Task brief | Extract the records in full, leaving every picture out.

Dataset entries |
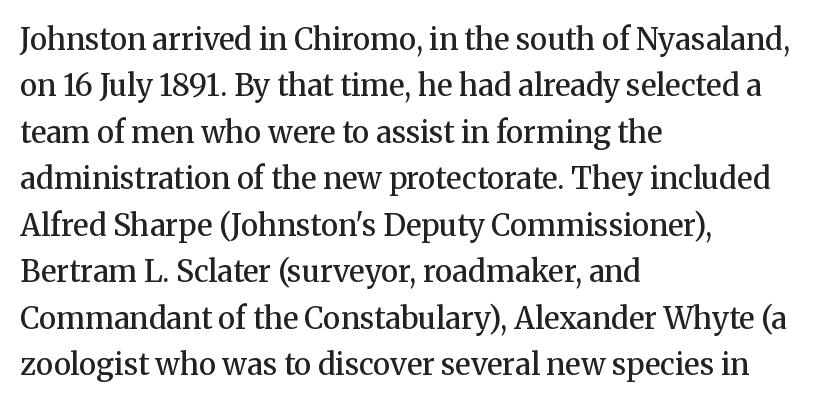
Q: Is the text bold? A: Semi-bold.
Q: Is the text italic (slanted)? A: No, it is upright.
Q: Is the typeface a serif or a sans-serif typeface? A: Serif.
Q: Is the text underlined? A: No.
Q: How is the paragraph aligned? A: Left-aligned.
Q: Is the spacing between letters normal or unusually wide? A: Normal.
Q: Is the spacing between lines tight, normal or loose? A: Normal.
Q: Width (condensed, normal, or wide)? A: Normal.
Q: Stroke contrast? A: Medium.
Q: x-height? A: Medium.
Q: Monospaced? A: No.
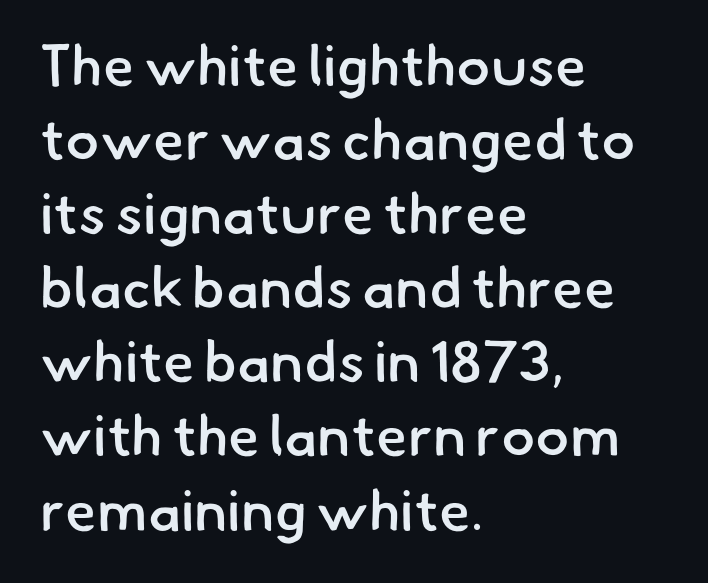
Q: Is the text bold? A: Semi-bold.
Q: Is the typeface a serif or a sans-serif typeface? A: Sans-serif.
Q: Is the text underlined? A: No.
Q: How is the paragraph aligned? A: Left-aligned.
Q: Is the spacing between letters normal or unusually wide? A: Normal.
Q: Is the spacing between lines tight, normal or loose? A: Normal.
Q: Width (condensed, normal, or wide)? A: Normal.
Q: Stroke contrast? A: Low.
Q: x-height? A: Small.
Q: Monospaced? A: No.
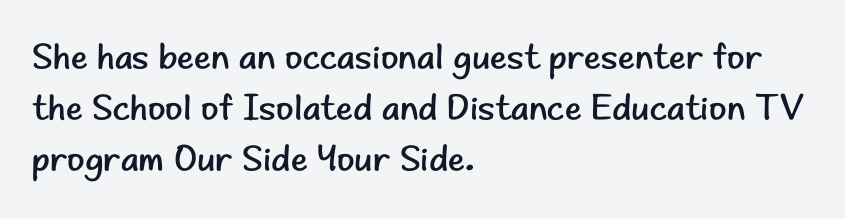
{"serif": "no", "italic": "no", "bold": "no", "weight": "regular", "width": "normal", "stroke_contrast": "low", "x_height": "small", "monospaced": "no", "underline": "no", "align": "left", "line_spacing": "normal", "line_spacing_ratio": 1.41, "letter_spacing": "normal", "letter_spacing_em": 0.0, "glyph_px": 36}
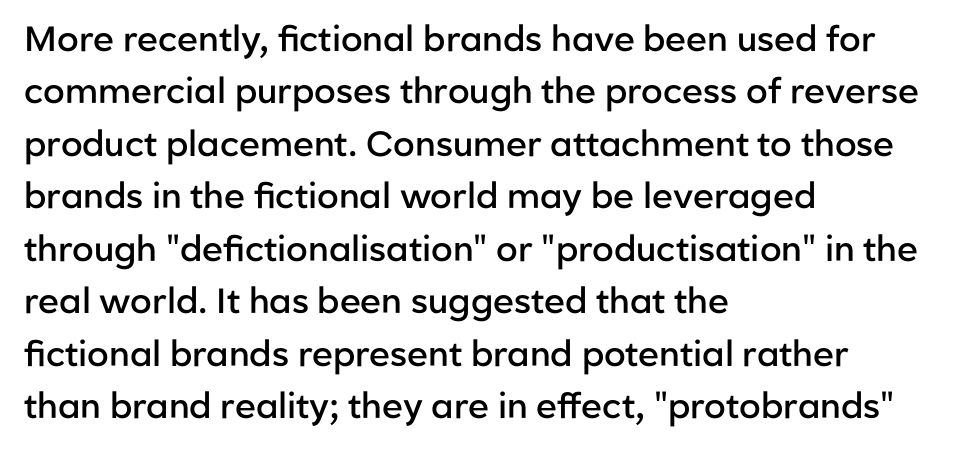
{"serif": "no", "italic": "no", "bold": "semi", "weight": "semibold", "width": "normal", "stroke_contrast": "low", "x_height": "medium", "monospaced": "no", "underline": "no", "align": "left", "line_spacing": "normal", "line_spacing_ratio": 1.5, "letter_spacing": "normal", "letter_spacing_em": 0.0, "glyph_px": 35}
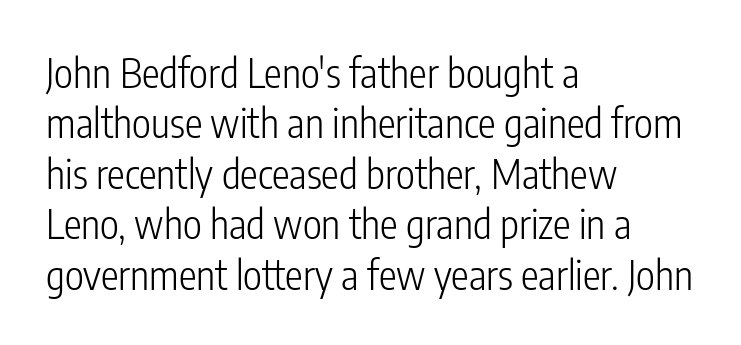
The image shows 40 px light, condensed sans-serif type, upright; set left-aligned, normal line spacing (1.26x), normal letter spacing, not underlined; low stroke contrast and a medium x-height.
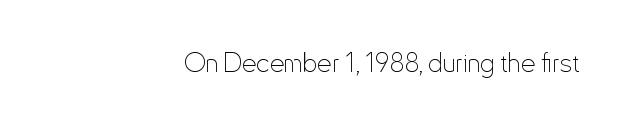
Is there any slant? The stems are plumb. Is this a heavy cut? Hardly; it is regular or lighter. Check under the words: just untouched page. Letter spacing: default. Does the copy run flush right? Yes — the right margin is perfectly even.
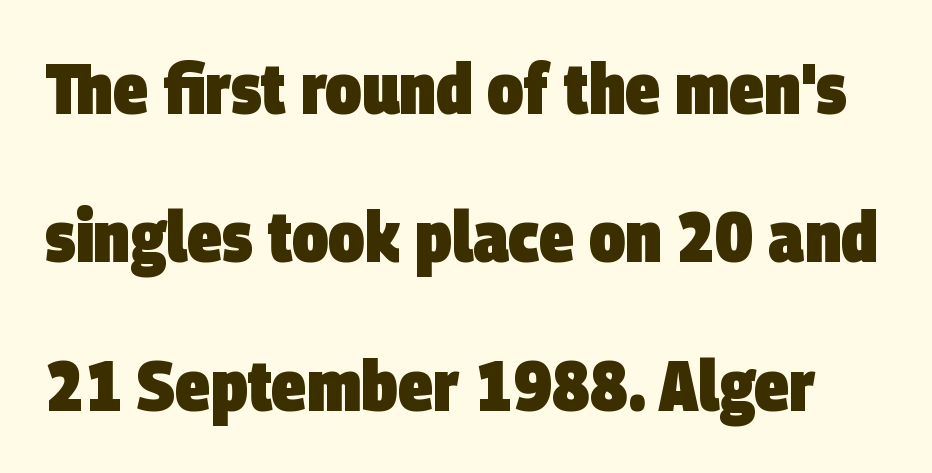
Heavy-handed strokes throughout: this text is bold. The face used here is proportionally spaced, like ordinary book or web type. Here the glyphs are tracked normally, forming tight word shapes. The block of text is sparse from top to bottom, with ample space between rows. A typesetter would label this face a sans.
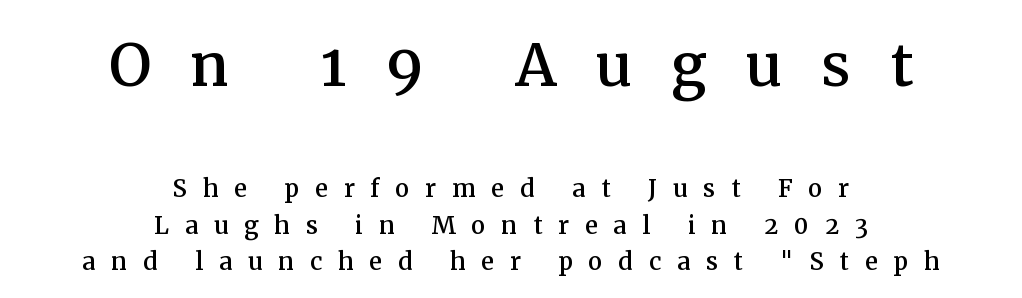
Glance below the letters and you will spot only blank space. If you squint, the top block still reads clearly — it's the larger of the two. Spacing verdict: proportional, widths tailored to each character. The face used here is rendered with a markedly widened letterfit. Stroke terminals: seriffed. How would I describe the line gaps? Narrow and economical.
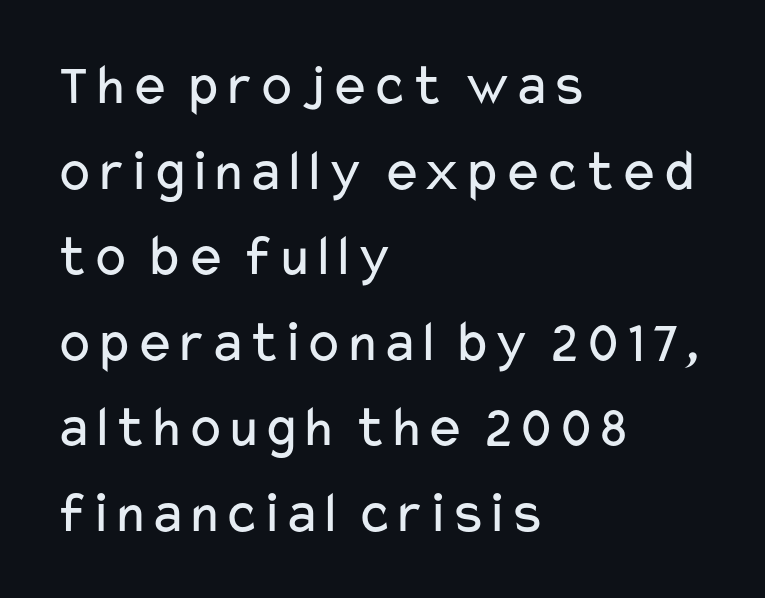
Q: Is the text bold? A: No.
Q: Is the text italic (slanted)? A: No, it is upright.
Q: Is the typeface a serif or a sans-serif typeface? A: Sans-serif.
Q: Is the text underlined? A: No.
Q: How is the paragraph aligned? A: Left-aligned.
Q: Is the spacing between letters normal or unusually wide? A: Normal.
Q: Is the spacing between lines tight, normal or loose? A: Normal.
Q: Width (condensed, normal, or wide)? A: Wide.
Q: Stroke contrast? A: Low.
Q: x-height? A: Medium.
Q: Monospaced? A: No.
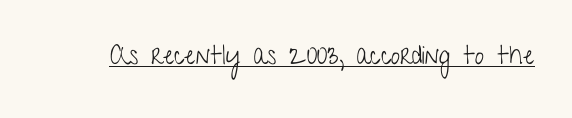
Q: Is the text bold? A: No.
Q: Is the text italic (slanted)? A: No, it is upright.
Q: Is the text underlined? A: Yes.
Q: Is the spacing between letters normal or unusually wide? A: Normal.
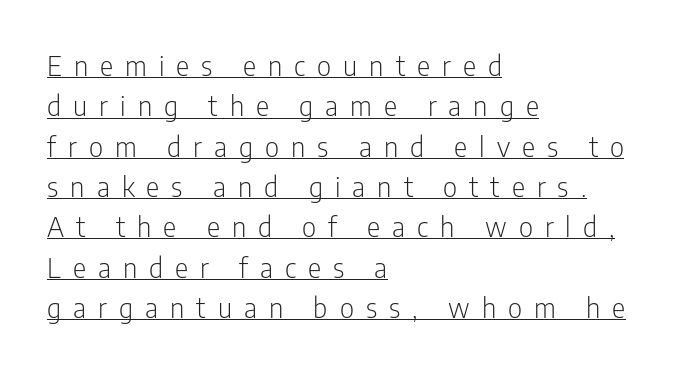
Compared with undecorated copy, this sample adds a rule below the words. The gaps between neighbouring characters are conspicuously large. Varying glyph widths throughout — classic text-font behaviour. Vertically, the passage feels balanced, rows spaced as you'd expect.
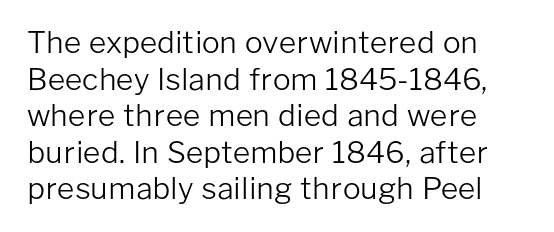
Do the letters lean? They stand straight. The passage shown is not underscored anywhere. Counters stay open thanks to moderate or lighter strokes. The font family rendered here belongs to the sans-serif group. The type is set solid horizontally, with unmodified tracking.
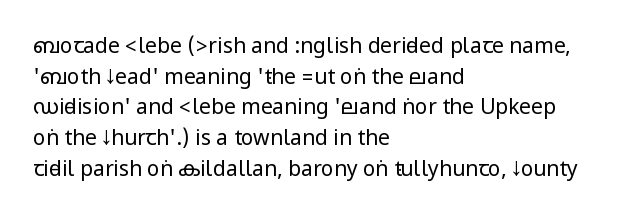
Q: Is the text bold? A: No.
Q: Is the text italic (slanted)? A: No, it is upright.
Q: Is the text underlined? A: No.
Q: How is the paragraph aligned? A: Left-aligned.
Q: Is the spacing between letters normal or unusually wide? A: Normal.
Q: Is the spacing between lines tight, normal or loose? A: Normal.
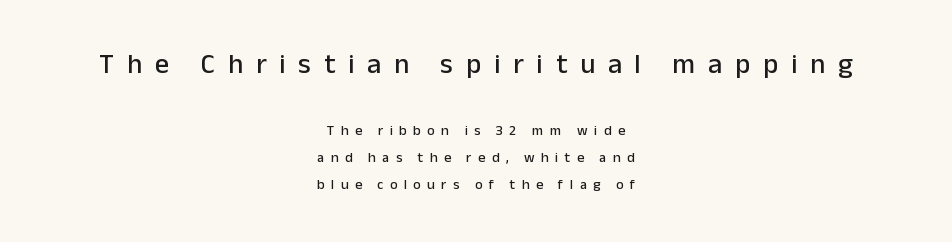
Q: Is the text italic (slanted)? A: No, it is upright.
Q: Is the typeface a serif or a sans-serif typeface? A: Sans-serif.
Q: Is the text underlined? A: No.
Q: How is the paragraph aligned? A: Centered.
Q: Is the spacing between letters normal or unusually wide? A: Unusually wide.
Q: Is the spacing between lines tight, normal or loose? A: Loose.
Q: Which block of text is set in a larger size, the first (top) or the second (bottom)? A: The first (top) one.
Q: Width (condensed, normal, or wide)? A: Normal.
Q: Stroke contrast? A: Low.
Q: x-height? A: Medium.
Q: Monospaced? A: No.
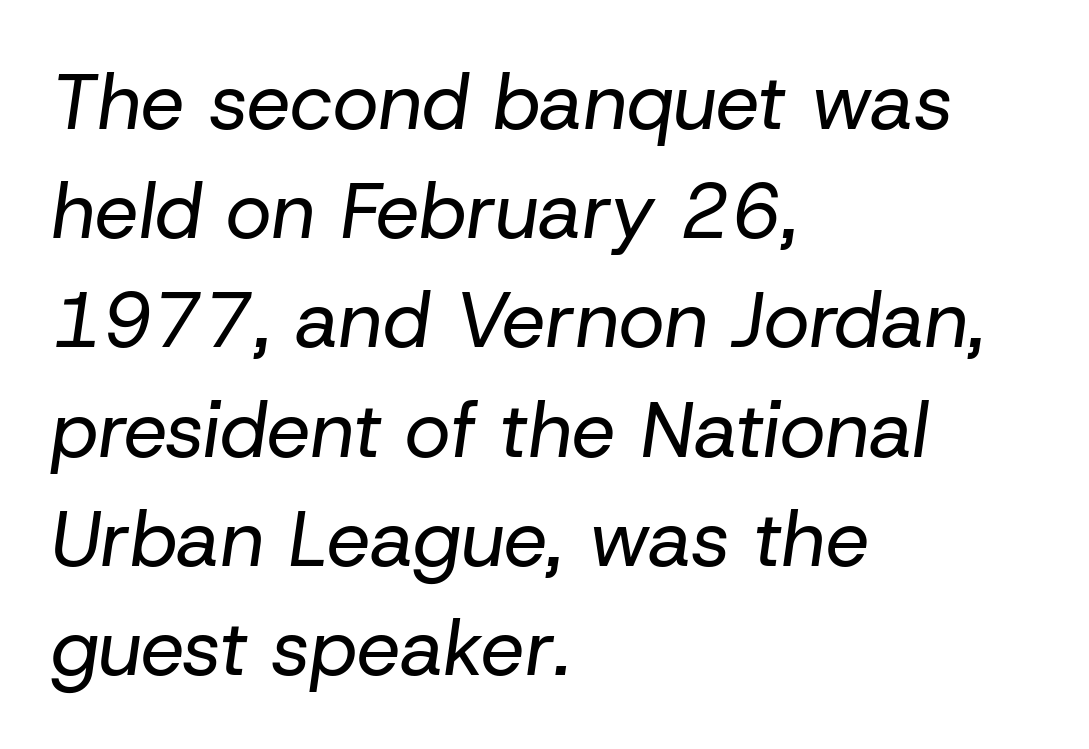
The image shows 78 px regular-weight type, italic (leaning right); set left-aligned, normal line spacing (1.4x), normal letter spacing, not underlined; low stroke contrast and a medium x-height.

Answer box |
Q: Is the text bold? A: Semi-bold.
Q: Is the text italic (slanted)? A: No, it is upright.
Q: Is the typeface a serif or a sans-serif typeface? A: Serif.
Q: Is the text underlined? A: No.
Q: How is the paragraph aligned? A: Left-aligned.
Q: Is the spacing between letters normal or unusually wide? A: Normal.
Q: Is the spacing between lines tight, normal or loose? A: Normal.
Q: Width (condensed, normal, or wide)? A: Normal.
Q: Stroke contrast? A: Medium.
Q: x-height? A: Medium.
Q: Monospaced? A: No.
Q: Is the text bold? A: Semi-bold.
Q: Is the typeface a serif or a sans-serif typeface? A: Sans-serif.
Q: Is the text underlined? A: No.
Q: How is the paragraph aligned? A: Left-aligned.
Q: Is the spacing between letters normal or unusually wide? A: Normal.
Q: Is the spacing between lines tight, normal or loose? A: Normal.
Q: Width (condensed, normal, or wide)? A: Normal.
Q: Stroke contrast? A: Low.
Q: x-height? A: Small.
Q: Monospaced? A: No.
{"serif": "no", "italic": "no", "bold": "no", "weight": "regular", "width": "normal", "stroke_contrast": "low", "x_height": "small", "monospaced": "no", "underline": "no", "align": "left", "line_spacing": "normal", "line_spacing_ratio": 1.41, "letter_spacing": "normal", "letter_spacing_em": 0.0, "glyph_px": 36}
{"serif": "no", "italic": "no", "bold": "semi", "weight": "semibold", "width": "normal", "stroke_contrast": "low", "x_height": "medium", "monospaced": "no", "underline": "no", "align": "left", "line_spacing": "normal", "line_spacing_ratio": 1.5, "letter_spacing": "normal", "letter_spacing_em": 0.0, "glyph_px": 35}
The image shows 40 px light, condensed sans-serif type, upright; set left-aligned, normal line spacing (1.26x), normal letter spacing, not underlined; low stroke contrast and a medium x-height.
Is there any slant? The stems are plumb. Is this a heavy cut? Hardly; it is regular or lighter. Check under the words: just untouched page. Letter spacing: default. Does the copy run flush right? Yes — the right margin is perfectly even.
Heavy-handed strokes throughout: this text is bold. The face used here is proportionally spaced, like ordinary book or web type. Here the glyphs are tracked normally, forming tight word shapes. The block of text is sparse from top to bottom, with ample space between rows. A typesetter would label this face a sans.
Glance below the letters and you will spot only blank space. If you squint, the top block still reads clearly — it's the larger of the two. Spacing verdict: proportional, widths tailored to each character. The face used here is rendered with a markedly widened letterfit. Stroke terminals: seriffed. How would I describe the line gaps? Narrow and economical.
Q: Is the text bold? A: No.
Q: Is the text italic (slanted)? A: No, it is upright.
Q: Is the typeface a serif or a sans-serif typeface? A: Sans-serif.
Q: Is the text underlined? A: No.
Q: How is the paragraph aligned? A: Left-aligned.
Q: Is the spacing between letters normal or unusually wide? A: Normal.
Q: Is the spacing between lines tight, normal or loose? A: Normal.
Q: Width (condensed, normal, or wide)? A: Wide.
Q: Stroke contrast? A: Low.
Q: x-height? A: Medium.
Q: Monospaced? A: No.
Q: Is the text bold? A: No.
Q: Is the text italic (slanted)? A: No, it is upright.
Q: Is the text underlined? A: Yes.
Q: Is the spacing between letters normal or unusually wide? A: Normal.
Compared with undecorated copy, this sample adds a rule below the words. The gaps between neighbouring characters are conspicuously large. Varying glyph widths throughout — classic text-font behaviour. Vertically, the passage feels balanced, rows spaced as you'd expect.
Do the letters lean? They stand straight. The passage shown is not underscored anywhere. Counters stay open thanks to moderate or lighter strokes. The font family rendered here belongs to the sans-serif group. The type is set solid horizontally, with unmodified tracking.
Q: Is the text bold? A: No.
Q: Is the text italic (slanted)? A: No, it is upright.
Q: Is the text underlined? A: No.
Q: How is the paragraph aligned? A: Left-aligned.
Q: Is the spacing between letters normal or unusually wide? A: Normal.
Q: Is the spacing between lines tight, normal or loose? A: Normal.
Q: Is the text italic (slanted)? A: No, it is upright.
Q: Is the typeface a serif or a sans-serif typeface? A: Sans-serif.
Q: Is the text underlined? A: No.
Q: How is the paragraph aligned? A: Centered.
Q: Is the spacing between letters normal or unusually wide? A: Unusually wide.
Q: Is the spacing between lines tight, normal or loose? A: Loose.
Q: Which block of text is set in a larger size, the first (top) or the second (bottom)? A: The first (top) one.
Q: Width (condensed, normal, or wide)? A: Normal.
Q: Stroke contrast? A: Low.
Q: x-height? A: Medium.
Q: Monospaced? A: No.
The image shows 78 px regular-weight type, italic (leaning right); set left-aligned, normal line spacing (1.4x), normal letter spacing, not underlined; low stroke contrast and a medium x-height.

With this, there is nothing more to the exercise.